The same holds for any comparisons of mean values (across heading offsets during the recalibration phase or across modalities). For example, a t-test that includes perceptual shifts from all sessions and all monkeys is not valid as the values from a single monkey are correlated. Again, there are several ways to account for this. For example, an LMM with cross-modal discrepancy as predictor (and a free intercept) or each monkey's data could be tested separately.

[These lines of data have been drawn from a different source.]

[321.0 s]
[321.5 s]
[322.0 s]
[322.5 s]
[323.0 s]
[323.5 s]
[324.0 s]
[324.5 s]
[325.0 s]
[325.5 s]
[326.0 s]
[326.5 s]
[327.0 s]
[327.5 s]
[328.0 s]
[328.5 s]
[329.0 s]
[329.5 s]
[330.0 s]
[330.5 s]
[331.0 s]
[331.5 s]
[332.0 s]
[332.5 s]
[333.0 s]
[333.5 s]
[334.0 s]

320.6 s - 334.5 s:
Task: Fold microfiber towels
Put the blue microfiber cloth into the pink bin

The procedure to derive neurometric curves, which are central to the study, should be explained better. In the main text and in the figures, it should be clarified that each data point shows the proportion of trials in which an ideal observer would make a rightwards choice given only the firing rates of the neurons (and assumed anti-neurons). In the methods section, it should be explained in detail how the ROC curve is derived. Readers unfamiliar with the method should understand that the ROC incorporates decisions for a range of decision thresholds and that the area under the ROC curve (AUROC, not ROC value) corresponds to a theoretical observer's ability to discriminate between leftwards and rightwards motion given firing rates across repetitions of a specific motion direction. Finally, those AUROC values (ranging from 0.5 to 1) are mapped onto the probability of a rightwards choice (ranging from 0 to 1) given a heading direction.

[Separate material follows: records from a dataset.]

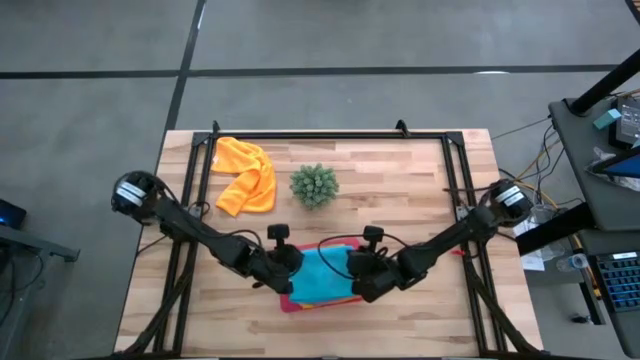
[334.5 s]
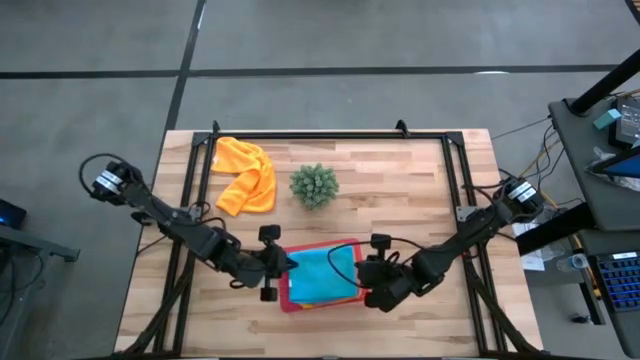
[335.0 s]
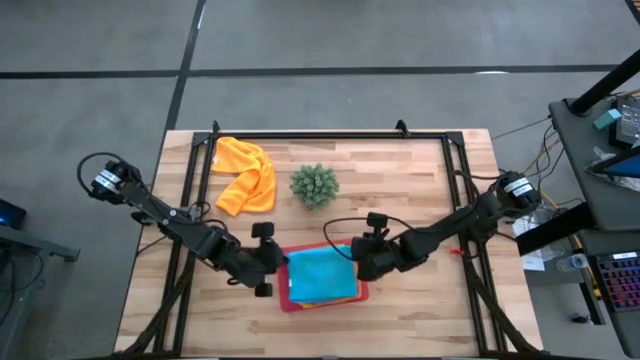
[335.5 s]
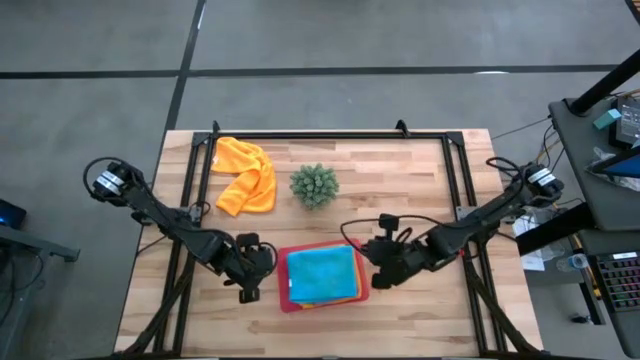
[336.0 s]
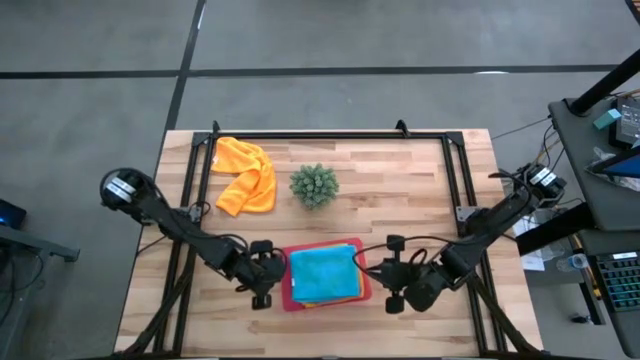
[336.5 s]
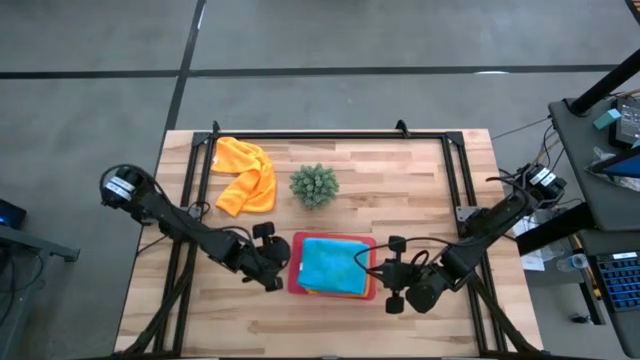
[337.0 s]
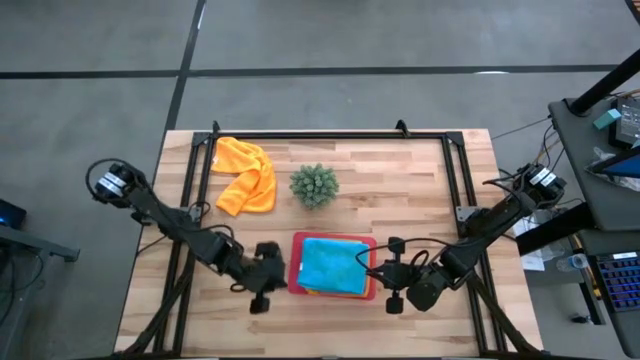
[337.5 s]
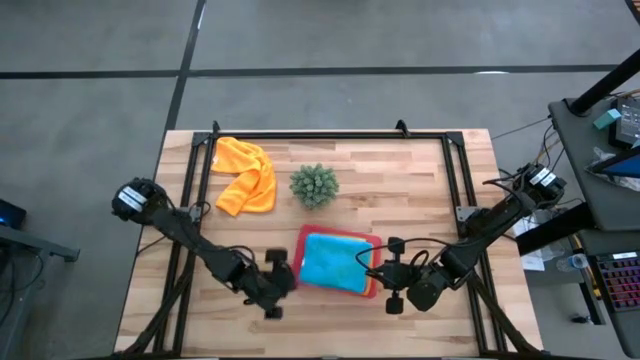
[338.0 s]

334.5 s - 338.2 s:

In response to this comment, we added more detailed explanations about the procedure to derive the neurometric curves (please see the revised Methods subsection “Neurometrics”, paragraphs 1-2). We also added to the figure legends (regarding neurometric curves) that each data point shows the proportion of trials in which an ideal observer would make a rightward choice given the firing rates of the neurons. We would like to clarify that for this calculation we did not compare neurons to “anti-neurons” (which would assume PSE = 0°). Rather, we z-scored the data in reference to the pre-calibration firing rates. Using a common reference (pre-recalibration mean, corresponding to z-score = 0) to normalize both pre- and post-recalibration data was needed to allow for and expose PSE shifts. Then we calculated ROC curves by moving a ‘criterion’ value from the minimum to the maximum z-score (in 100 steps), and plotting the probability that the z-scores exceeded the criterion vs. whether z-score = 0 (the pre-recalibration mean) exceeded that same criterion, or not (1 or 0, respectively). We have also added this clarification to the revised manuscript (see Methods subsection “Neurometrics”, paragraph 2).

The use of PSEs for the correlational analysis should be conditional on the goodness of fit of the sigmoid and the SD should fall within a reasonable range. A PSE derived from an ill-fitting or very flat curve has no informational value and is likely to be extreme, which in turn is huge a problem for any correlational analysis.

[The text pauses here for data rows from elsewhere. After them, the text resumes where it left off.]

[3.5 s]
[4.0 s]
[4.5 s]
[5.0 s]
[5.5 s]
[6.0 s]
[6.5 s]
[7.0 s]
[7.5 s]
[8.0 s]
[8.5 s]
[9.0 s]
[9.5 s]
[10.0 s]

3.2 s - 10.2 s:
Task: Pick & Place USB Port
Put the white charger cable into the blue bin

In response to this comment we further screened the neurons by calculating the SD of the neurometric PSE (from bootstrapped values) and excluded neurons with SDs > 10° (either pre- or post-recalibration). We considered that this would be a more direct measure of PSE reliability (the parameter of interest) vs. goodness-of-fit of the whole psychometric function, which could be affected by other parameters (such as thresholds and lapse rates). Please see our response to Essential Revision #2 (above) for further details.

The methods section states that only neurons tuned to heading directions as indicated by cues in a specific modality were included in the neurometric analysis for that modality. If that exclusion criterion was applied, why are the neurometric curves for 'the other modality' so bad? I would have expected that neurons tuned to visual heading cues result in a good neurometric function for visual heading no matter where these neurons are located in the brain. In turn, I would have expected flat neurometric functions for visual heading direction in PIVC if also neurons tuned to vestibular heading information were included in the analysis. What am I missing?

In the revised Methods subsection “Neuronal shifts”, paragraph 1, we now better explain the inclusion criteria for the different stages of analysis. First, we calculated neurometric functions for all recorded cells, and both modalities, whether or not the cell was significantly tuned. For the subsequent neuronal vs. behavioral shift analyses, we only included neurons that satisfied both the following criteria (the second criterion was added to the revised manuscript in response to Essential Revisions, Comment #2): i) significant tuning to the corresponding cue, and ii) reliable neurometric PSE estimates (SD < 10°, both in the pre- and post-recalibration blocks). The example neuron from PIVC in Figure 4 responded significantly to vestibular (but not visual) stimuli. Thus, although neurometric fits are presented for both cues in Figure 4, this PIVC neuron was included only in the vestibular (but not the visual) PSE correlation analysis.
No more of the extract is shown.